0:24:43 And so I think it’s a great new set of tools. I celebrate the great new set of tools. It allows
0:24:48 us to, you know, build more faster for our customers. And I think that’s amazing and awesome.
0:24:54 So along those lines, then what will the engineers, what will the coders of tomorrow need? How,
0:24:59 how does the skillset change? How does the mindset, the approach to, you know, constructing something
0:25:04 new, working from existing code base, all of those things, how does that change for the folks coming
0:25:11 up now? I think it’s going to be really different. I think we’re designing a new way to build software.

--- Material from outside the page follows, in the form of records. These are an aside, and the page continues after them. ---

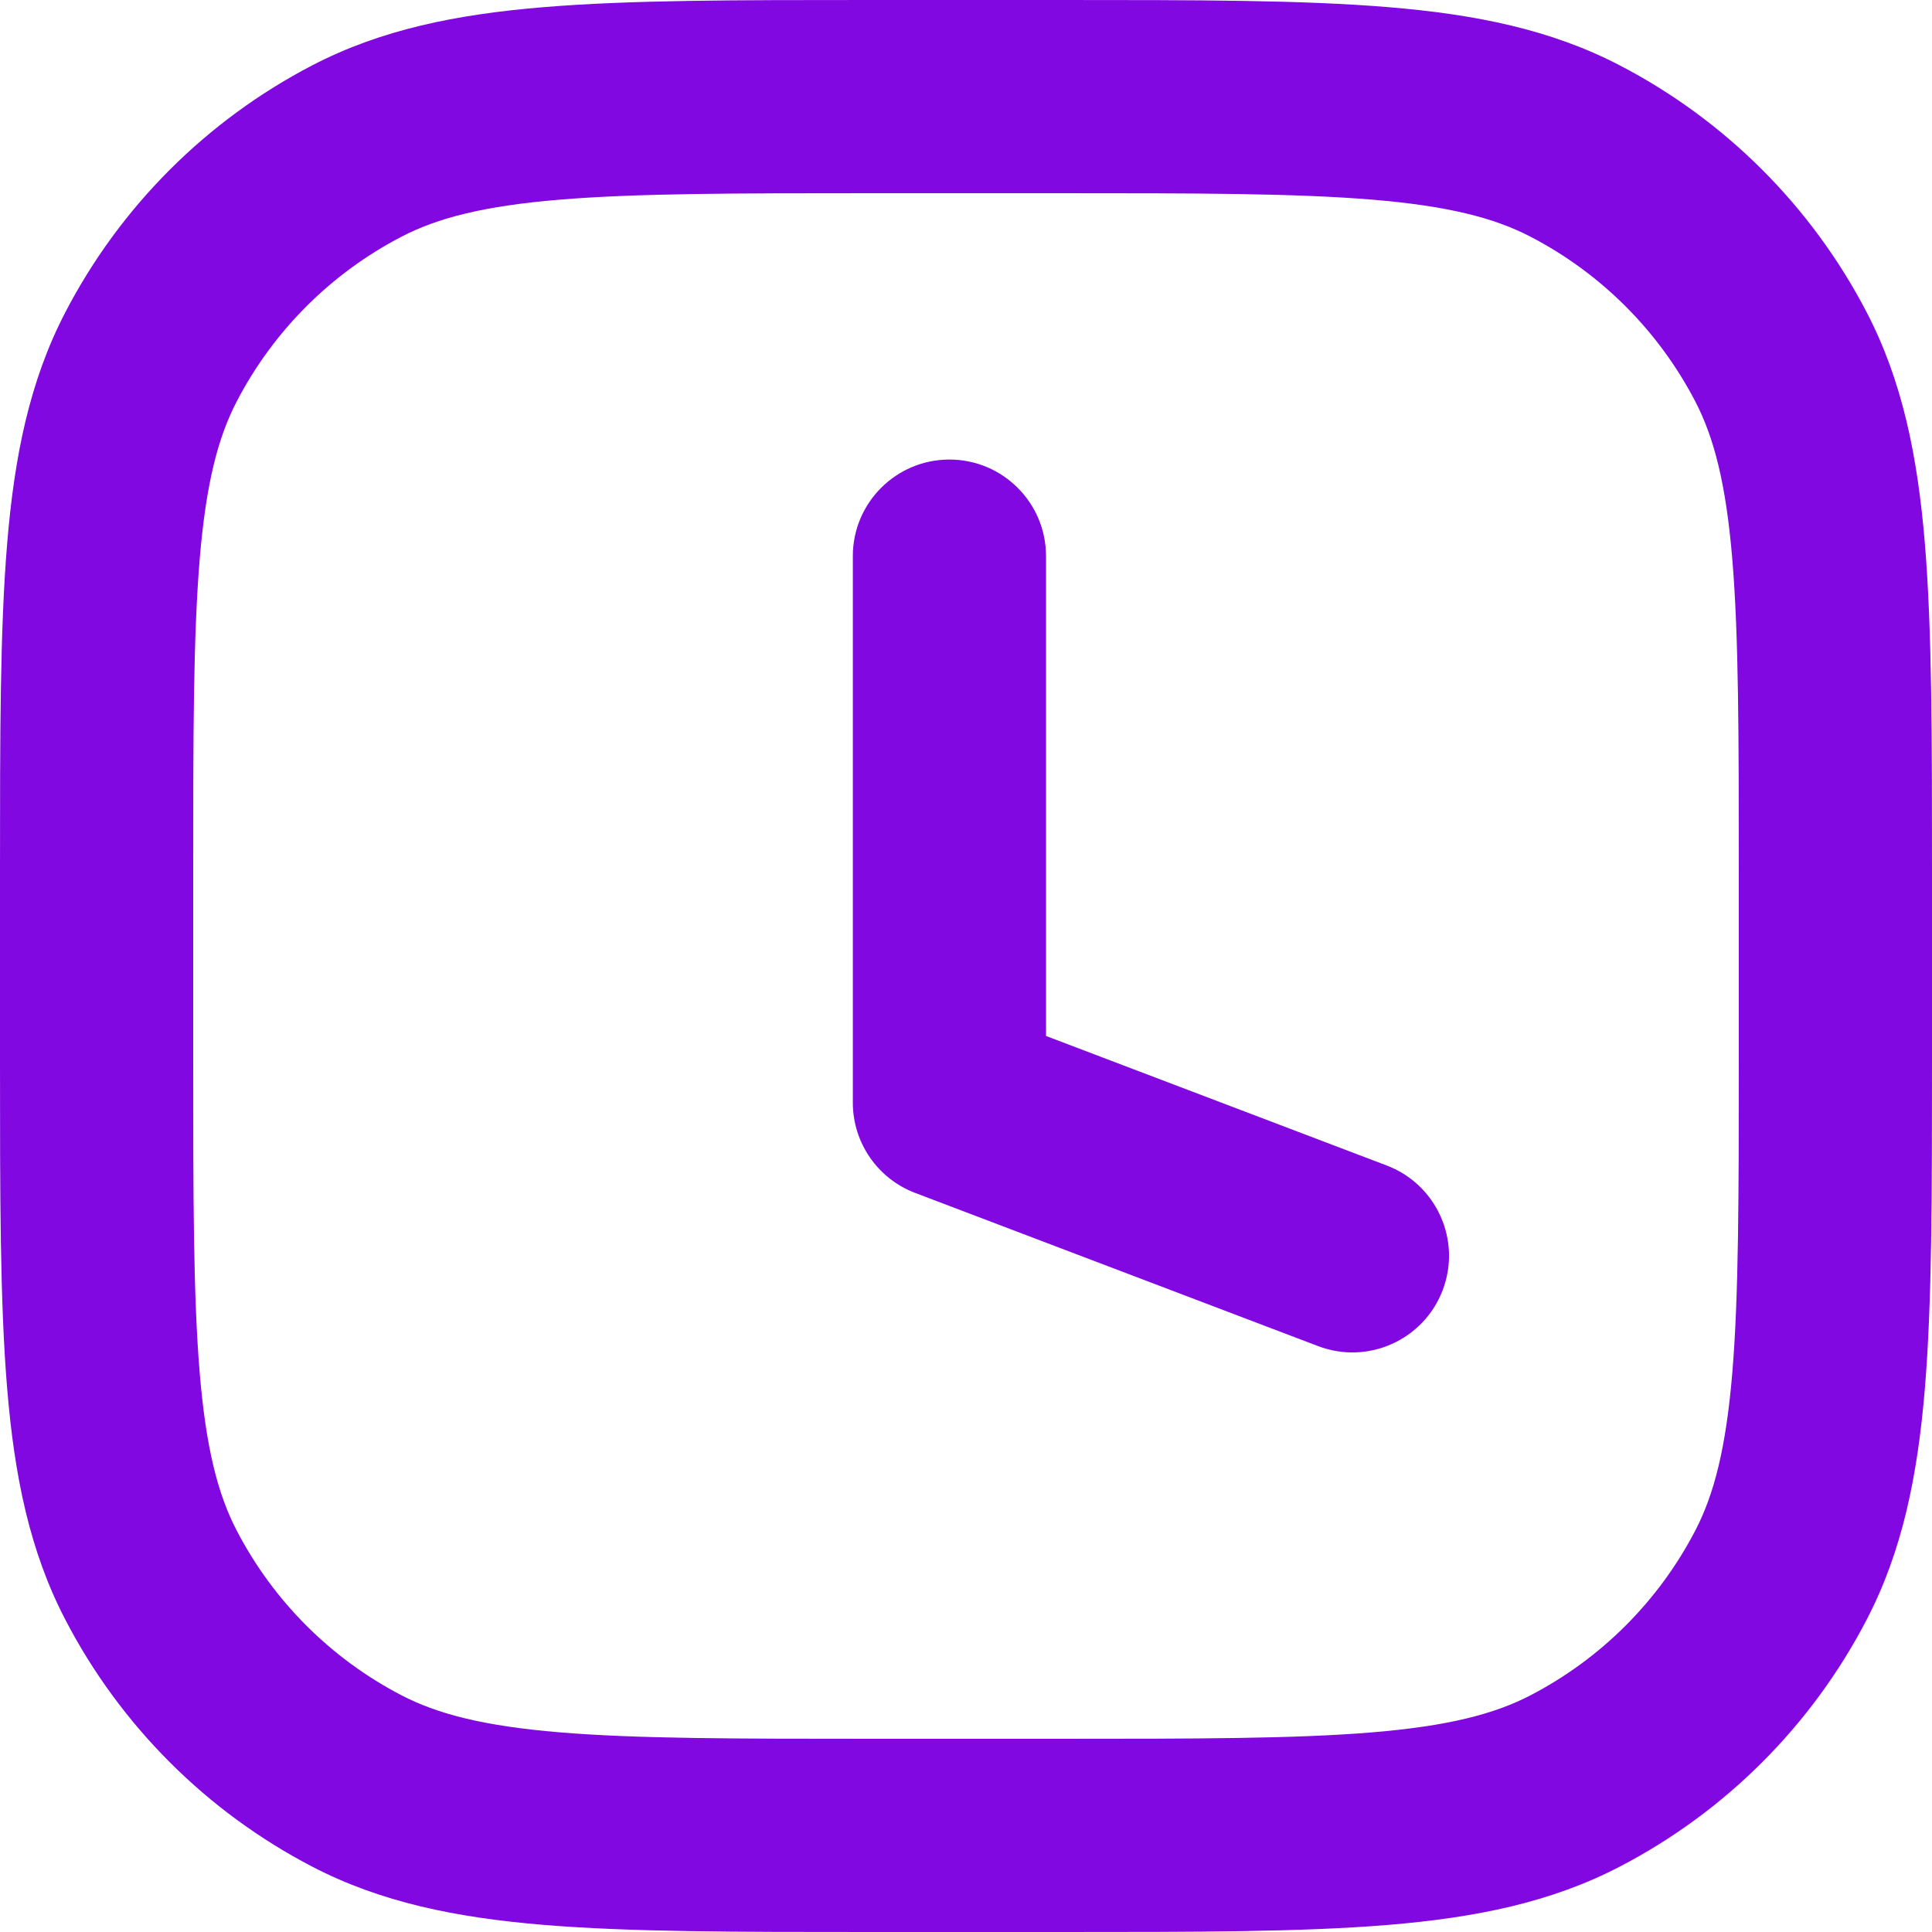 <?xml version="1.0" encoding="UTF-8"?> <svg xmlns="http://www.w3.org/2000/svg" width="50" height="50" viewBox="0 0 50 50" fill="none"> <path fill-rule="evenodd" clip-rule="evenodd" d="M22.514 5.71905e-07H27.486C30.951 -2.44281e-05 33.707 -2.42144e-05 35.929 0.185C38.205 0.373 40.144 0.769 41.914 1.689C44.654 3.112 46.888 5.346 48.311 8.085C49.231 9.856 49.627 11.795 49.816 14.071C50 16.293 50 19.049 50 22.514V27.486C50 30.951 50 33.707 49.816 35.929C49.627 38.205 49.231 40.144 48.311 41.914C46.888 44.654 44.654 46.888 41.914 48.311C40.144 49.231 38.205 49.627 35.929 49.816C33.707 50 30.951 50 27.486 50H22.514C19.049 50 16.293 50 14.071 49.816C11.795 49.627 9.856 49.231 8.085 48.311C5.346 46.888 3.112 44.654 1.689 41.914C0.769 40.144 0.373 38.205 0.185 35.929C-2.42144e-05 33.707 -2.44281e-05 30.951 5.71896e-07 27.486V22.514C-2.44281e-05 19.049 -2.42144e-05 16.293 0.185 14.071C0.373 11.795 0.769 9.856 1.689 8.085C3.112 5.346 5.346 3.112 8.085 1.689C9.856 0.769 11.795 0.373 14.071 0.185C16.293 -2.42144e-05 19.049 -2.44281e-05 22.514 5.71905e-07ZM14.485 5.167C12.524 5.33 11.329 5.638 10.39 6.126C8.564 7.075 7.075 8.564 6.126 10.39C5.638 11.329 5.33 12.524 5.167 14.485C5.002 16.476 5 19.024 5 22.625V27.375C5 30.976 5.002 33.524 5.167 35.515C5.33 37.476 5.638 38.672 6.126 39.61C7.075 41.436 8.564 42.925 10.39 43.874C11.329 44.361 12.524 44.67 14.485 44.833C16.476 44.998 19.024 45 22.625 45H27.375C30.976 45 33.524 44.998 35.515 44.833C37.476 44.67 38.672 44.361 39.61 43.874C41.436 42.925 42.925 41.436 43.874 39.61C44.361 38.672 44.67 37.476 44.833 35.515C44.998 33.524 45 30.976 45 27.375V22.625C45 19.024 44.998 16.476 44.833 14.485C44.67 12.524 44.361 11.329 43.874 10.39C42.925 8.564 41.436 7.075 39.61 6.126C38.672 5.638 37.476 5.33 35.515 5.167C33.524 5.002 30.976 5 27.375 5H22.625C19.024 5 16.476 5.002 14.485 5.167ZM24.571 11.893C25.952 11.893 27.071 13.013 27.071 14.393V26.811L35.888 30.163C37.179 30.654 37.828 32.098 37.337 33.388C36.846 34.679 35.402 35.328 34.112 34.837L23.683 30.872C22.712 30.503 22.071 29.573 22.071 28.535V14.393C22.071 13.013 23.19 11.893 24.571 11.893Z" fill="#8108E1"></path> </svg> 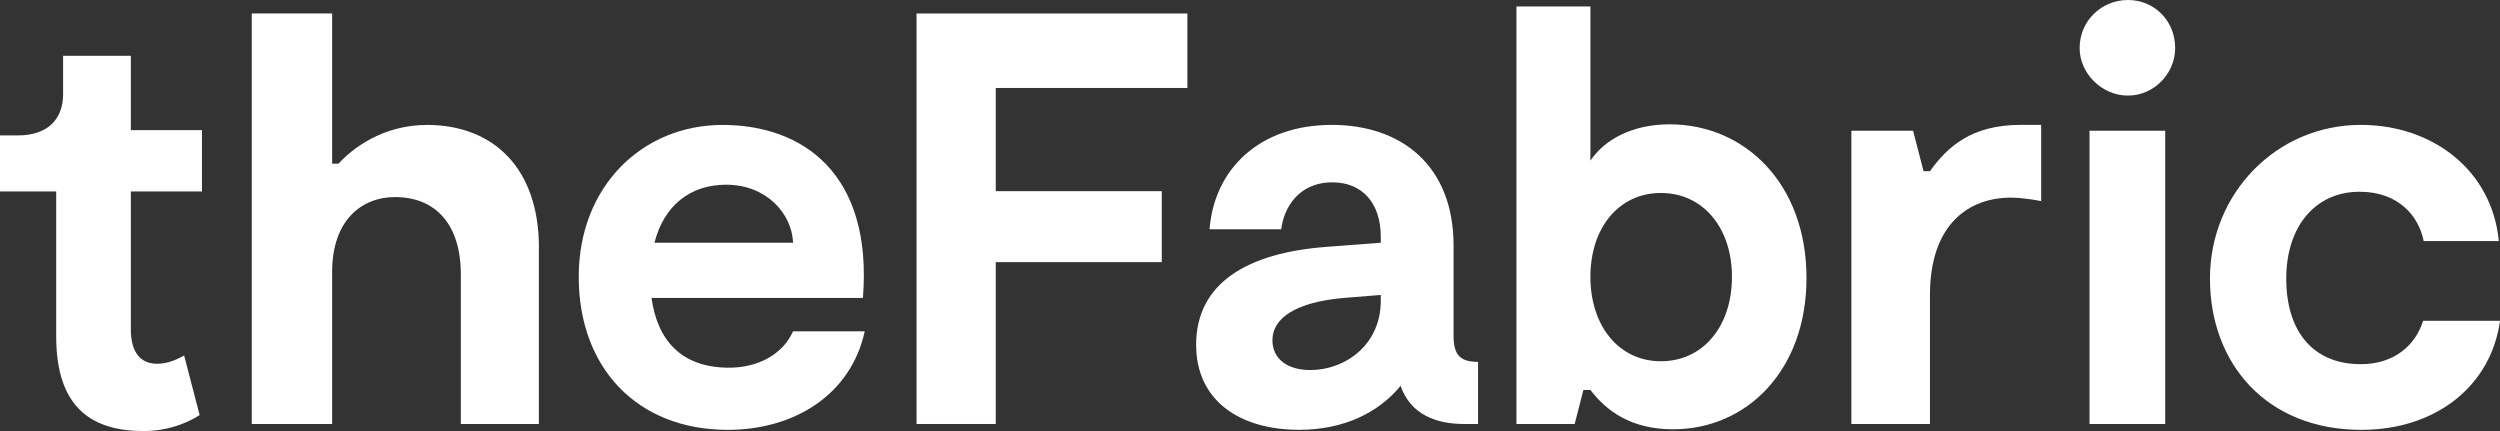 <svg width="116" height="20" viewBox="0 0 116 20" fill="none" xmlns="http://www.w3.org/2000/svg">
<rect x="0" y="0" width="116" height="20" fill="#333333" stroke="none"/>
<g clip-path="url(#clip0_2_221)">
<path d="M6.655 20C4.339 20 2.608 18.987 2.608 15.619V8.883H0V6.283H0.824C2.207 6.283 2.928 5.543 2.928 4.367V2.588H6.071V6.037H9.371V8.883H6.071V15.289C6.071 16.385 6.549 16.879 7.293 16.879C7.826 16.879 8.304 16.632 8.544 16.494L9.263 19.26C8.704 19.616 7.826 20 6.655 20Z" fill="white"/>
<path d="M68.582 16.788V19.673H67.934C66.636 19.673 65.449 19.236 64.987 17.903C63.96 19.156 62.339 19.943 60.285 19.943C57.475 19.943 55.501 18.555 55.501 15.999C55.501 13.114 57.906 11.727 61.555 11.454L64.068 11.264V10.992C64.068 9.412 63.204 8.461 61.826 8.461C60.205 8.461 59.555 9.713 59.449 10.638H56.123C56.339 7.863 58.422 5.795 61.797 5.795C64.987 5.795 67.446 7.645 67.446 11.402V15.593C67.446 16.49 67.772 16.791 68.582 16.791M64.068 13.959V13.686L62.365 13.823C60.148 14.013 59.041 14.749 59.041 15.783C59.041 16.682 59.772 17.17 60.799 17.17C62.419 17.17 64.068 16.001 64.068 13.959Z" fill="white"/>
<path d="M83.821 12.899C83.821 17.199 81.037 19.919 77.632 19.919C75.661 19.919 74.525 19.049 73.795 18.095H73.47L73.065 19.673H70.363V0.299H73.795V7.455C74.471 6.449 75.767 5.769 77.47 5.769C80.956 5.769 83.821 8.518 83.821 12.896M80.363 12.844C80.363 10.557 79.011 8.954 77.065 8.954C75.119 8.954 73.795 10.56 73.795 12.844C73.795 15.128 75.119 16.762 77.065 16.762C79.011 16.762 80.363 15.156 80.363 12.844Z" fill="white"/>
<path d="M94.711 5.795V9.333C94.469 9.279 93.793 9.17 93.307 9.17C91.333 9.17 89.55 10.422 89.55 13.686V19.673H85.903V6.067H88.768L89.253 7.944H89.55C90.363 6.8 91.496 5.795 93.739 5.795H94.711Z" fill="white"/>
<path d="M96.495 2.232C96.495 0.954 97.522 0 98.737 0C99.953 0 100.928 0.954 100.928 2.232C100.928 3.401 99.955 4.435 98.737 4.435C97.519 4.435 96.495 3.401 96.495 2.232ZM100.466 19.673H96.954V6.067H100.466V19.673Z" fill="white"/>
<path d="M109.569 19.945C105.164 19.945 102.542 16.871 102.542 12.925C102.542 8.978 105.623 5.795 109.541 5.795C112.839 5.795 115.621 7.863 115.946 11.184H112.459C112.243 10.069 111.324 8.897 109.486 8.897C107.432 8.897 106.082 10.503 106.082 12.925C106.082 15.346 107.298 16.898 109.541 16.898C111.081 16.898 112.08 16.027 112.431 14.884H116C115.595 17.877 113.053 19.945 109.569 19.945Z" fill="white"/>
<path d="M25.003 11.482V19.673H21.383V12.735C21.383 10.422 20.221 9.144 18.33 9.144C16.789 9.144 15.411 10.204 15.411 12.626V19.673H11.682V0.626H15.411V7.593H15.708C16.33 6.912 17.736 5.797 19.816 5.797C22.898 5.797 25.006 7.811 25.006 11.485" fill="white"/>
<path d="M40.123 15.375C39.475 18.342 36.825 19.945 33.772 19.945C29.555 19.945 26.853 17.061 26.853 12.844C26.853 8.627 29.826 5.797 33.526 5.797C37.227 5.797 40.499 8.029 40.04 13.823H30.231C30.502 15.783 31.609 17.061 33.826 17.061C35.15 17.061 36.311 16.463 36.796 15.375H40.12H40.123ZM30.367 11.264H36.799C36.744 9.903 35.555 8.57 33.691 8.57C32.017 8.57 30.801 9.549 30.367 11.264Z" fill="white"/>
<path d="M46.203 4.082V8.871H53.906V12.163H46.203V19.673H42.528V0.626H55.095V4.082H46.203Z" fill="white"/>
</g>
<defs>
<clipPath id="clip0_2_221">
<rect width="116" height="20" fill="white"/>
</clipPath>
</defs>
</svg>

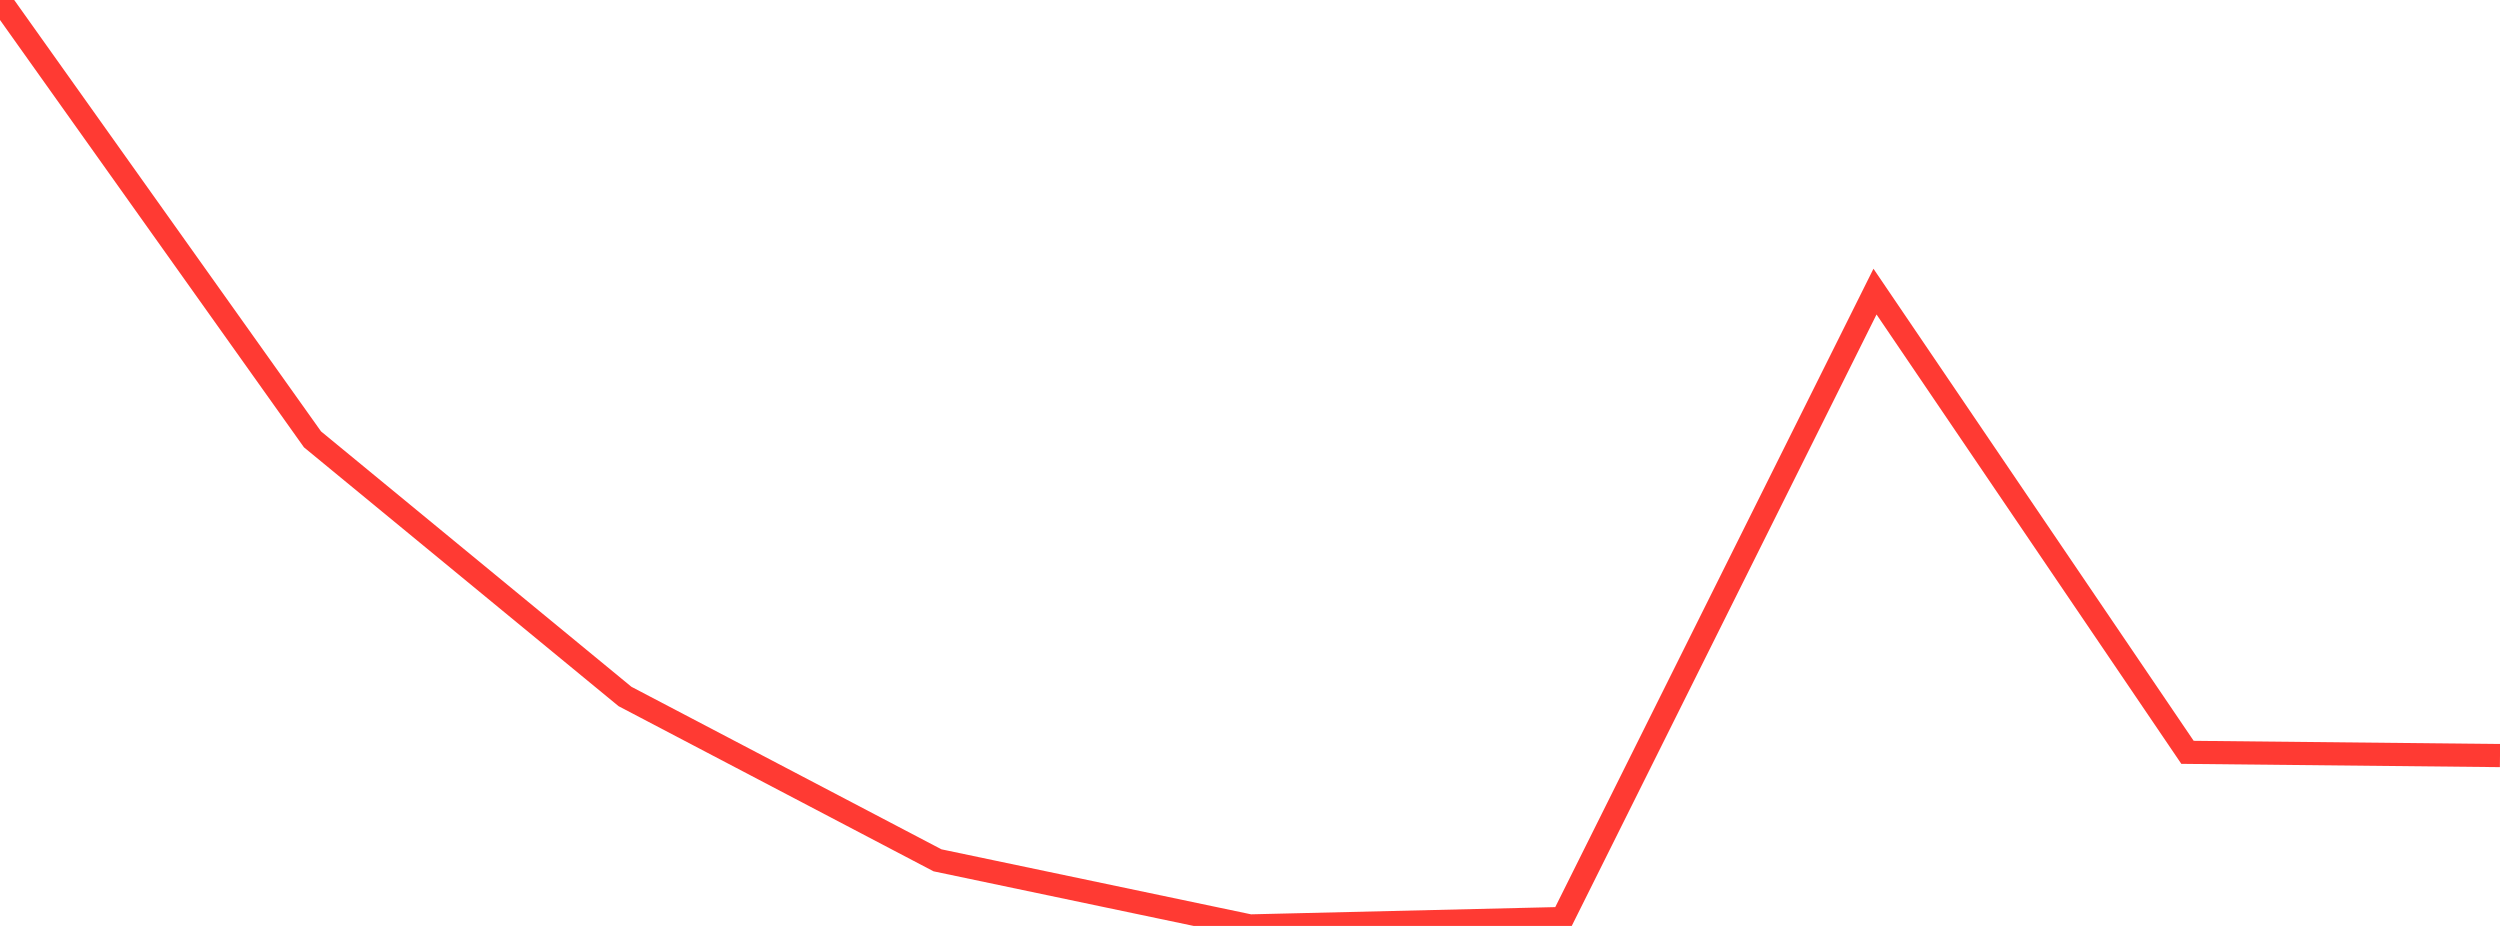 <?xml version="1.0" standalone="no"?>
<!DOCTYPE svg PUBLIC "-//W3C//DTD SVG 1.1//EN" "http://www.w3.org/Graphics/SVG/1.1/DTD/svg11.dtd">

<svg width="135" height="50" viewBox="0 0 135 50" preserveAspectRatio="none" 
  xmlns="http://www.w3.org/2000/svg"
  xmlns:xlink="http://www.w3.org/1999/xlink">


<polyline points="0.0, 0.0 16.875, 23.726 33.75, 37.61 50.625, 46.457 67.5, 50.0 84.375, 49.6 101.25, 15.747 118.125, 40.626 135.0, 40.801" fill="none" stroke="#ff3a33" stroke-width="1.25"/>

</svg>

0:25:16 And, and, and I really mean that, you know, the workflow is different. And I think that the skill
0:25:22 sets that matter are also different. I think maybe the best engineers of 2015 won’t be the best
0:25:29 engineers of 2026, if that makes sense. It does, but why? Because I think, you know, once upon a time,
0:25:34 right, that developer who could master that algorithm, you know, or had this kind of
0:25:38 like, you know, deep arcane knowledge of how a particular subsystem worked was, you know,
0:25:45 especially valuable. But that skillset doesn’t sort of automatically adapt to, you know, how do I go
0:25:50 and, and kind of build a whole network of different processes that are happening, right? It’s almost
0:25:56 like, you know, you’re going from being, you know, an expert artisan to a general contractor. That’s a
0:26:01 different job. And they’re both important jobs, but it’s a very different job. And being a, you know,
0:26:06 great general contractor in a large complex, you know, problem space where you have lots and lots
0:26:10 of subcontractors and you need to kind of orchestrate that all together is just different than, you know,
0:26:15 kind of the core craft. And so, and look, we’re still learning as an industry, what that skillset
0:26:19 ultimately looks like, but I think it’s going to create a lot of opportunities for people,
0:26:23 you know, who maybe wrote themselves out of the, you know, engineering game once upon a time.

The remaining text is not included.